▶ [PROMPT]:
Please return the lines below verbatim, beginning at the one that has "#1938 = LINE ( 'NONE', #2794, #298 ) ;" and stopping after the one that has "#2444 = DIRECTION", and add no other lines.

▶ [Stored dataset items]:
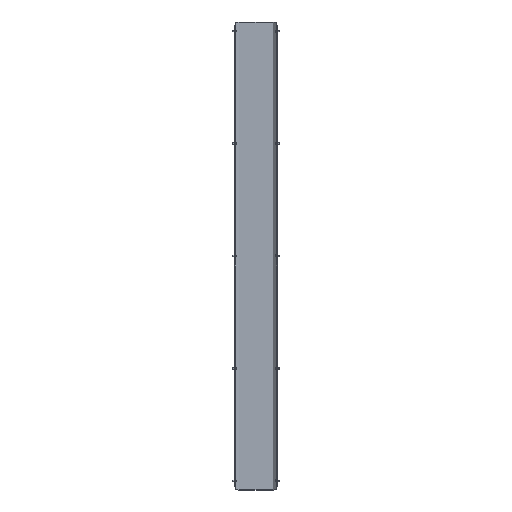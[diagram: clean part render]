
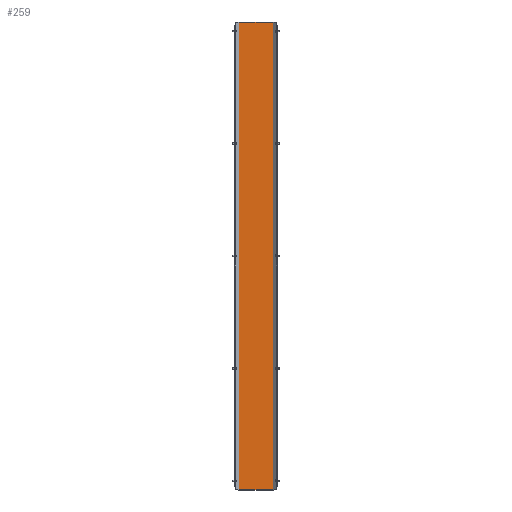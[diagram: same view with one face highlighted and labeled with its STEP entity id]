
A CAD part, top view. The second image highlights one B-rep face of the part: STEP entity #259.
In plain terms, the highlighted planar face has unit normal (0, 0, 1).
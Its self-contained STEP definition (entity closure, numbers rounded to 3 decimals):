
#141 = LINE ( 'NONE', #2336, #2065 ) ;
#259 = ADVANCED_FACE ( 'NONE', ( #1532 ), #1502, .F. ) ;
#298 = VECTOR ( 'NONE', #1761, 1000. ) ;
#322 = CARTESIAN_POINT ( 'NONE',  ( 17.036, -957.5, -33.5 ) ) ;
#375 = DIRECTION ( 'NONE',  ( 0., -1., 0. ) ) ;
#381 = CARTESIAN_POINT ( 'NONE',  ( 157.964, 957.5, -33.5 ) ) ;
#462 = DIRECTION ( 'NONE',  ( -1., 0., 0. ) ) ;
#492 = ORIENTED_EDGE ( 'NONE', *, *, #1917, .T. ) ;
#553 = DIRECTION ( 'NONE',  ( 1., 0., 0. ) ) ;
#598 = ORIENTED_EDGE ( 'NONE', *, *, #2386, .F. ) ;
#736 = LINE ( 'NONE', #1414, #1831 ) ;
#1184 = ORIENTED_EDGE ( 'NONE', *, *, #1682, .F. ) ;
#1238 = VERTEX_POINT ( 'NONE', #381 ) ;
#1273 = VECTOR ( 'NONE', #2444, 1000. ) ;
#1335 = CARTESIAN_POINT ( 'NONE',  ( 16., 957.5, -33.5 ) ) ;
#1381 = VERTEX_POINT ( 'NONE', #1949 ) ;
#1414 = CARTESIAN_POINT ( 'NONE',  ( 16., -957.5, -33.5 ) ) ;
#1502 = PLANE ( 'NONE',  #1792 ) ;
#1532 = FACE_OUTER_BOUND ( 'NONE', #2600, .T. ) ;
#1537 = ORIENTED_EDGE ( 'NONE', *, *, #1833, .T. ) ;
#1569 = LINE ( 'NONE', #1583, #1273 ) ;
#1583 = CARTESIAN_POINT ( 'NONE',  ( 16., 957.5, -33.5 ) ) ;
#1682 = EDGE_CURVE ( 'NONE', #1381, #1238, #1569, .T. ) ;
#1761 = DIRECTION ( 'NONE',  ( 0., -1., 0. ) ) ;
#1786 = CARTESIAN_POINT ( 'NONE',  ( 157.964, -957.5, -33.5 ) ) ;
#1792 = AXIS2_PLACEMENT_3D ( 'NONE', #1335, #2799, #462 ) ;
#1831 = VECTOR ( 'NONE', #553, 1000. ) ;
#1833 = EDGE_CURVE ( 'NONE', #2652, #2082, #736, .T. ) ;
#1917 = EDGE_CURVE ( 'NONE', #1381, #2652, #141, .T. ) ;
#1938 = LINE ( 'NONE', #2794, #298 ) ;
#1949 = CARTESIAN_POINT ( 'NONE',  ( 17.036, 957.5, -33.5 ) ) ;
#2065 = VECTOR ( 'NONE', #375, 1000. ) ;
#2082 = VERTEX_POINT ( 'NONE', #1786 ) ;
#2336 = CARTESIAN_POINT ( 'NONE',  ( 17.036, 957.5, -33.5 ) ) ;
#2386 = EDGE_CURVE ( 'NONE', #1238, #2082, #1938, .T. ) ;
#2444 = DIRECTION ( 'NONE',  ( 1., 0., 0. ) ) ;
#2600 = EDGE_LOOP ( 'NONE', ( #492, #1537, #598, #1184 ) ) ;
#2652 = VERTEX_POINT ( 'NONE', #322 ) ;
#2794 = CARTESIAN_POINT ( 'NONE',  ( 157.964, 957.5, -33.5 ) ) ;
#2799 = DIRECTION ( 'NONE',  ( 0., 0., -1. ) ) ;

▶ [EXERCISE ANSWER]:
#1938 = LINE ( 'NONE', #2794, #298 ) ;
#1949 = CARTESIAN_POINT ( 'NONE',  ( 17.036, 957.5, -33.5 ) ) ;
#2065 = VECTOR ( 'NONE', #375, 1000. ) ;
#2082 = VERTEX_POINT ( 'NONE', #1786 ) ;
#2336 = CARTESIAN_POINT ( 'NONE',  ( 17.036, 957.5, -33.5 ) ) ;
#2386 = EDGE_CURVE ( 'NONE', #1238, #2082, #1938, .T. ) ;
#2444 = DIRECTION ( 'NONE',  ( 1., 0., 0. ) ) ;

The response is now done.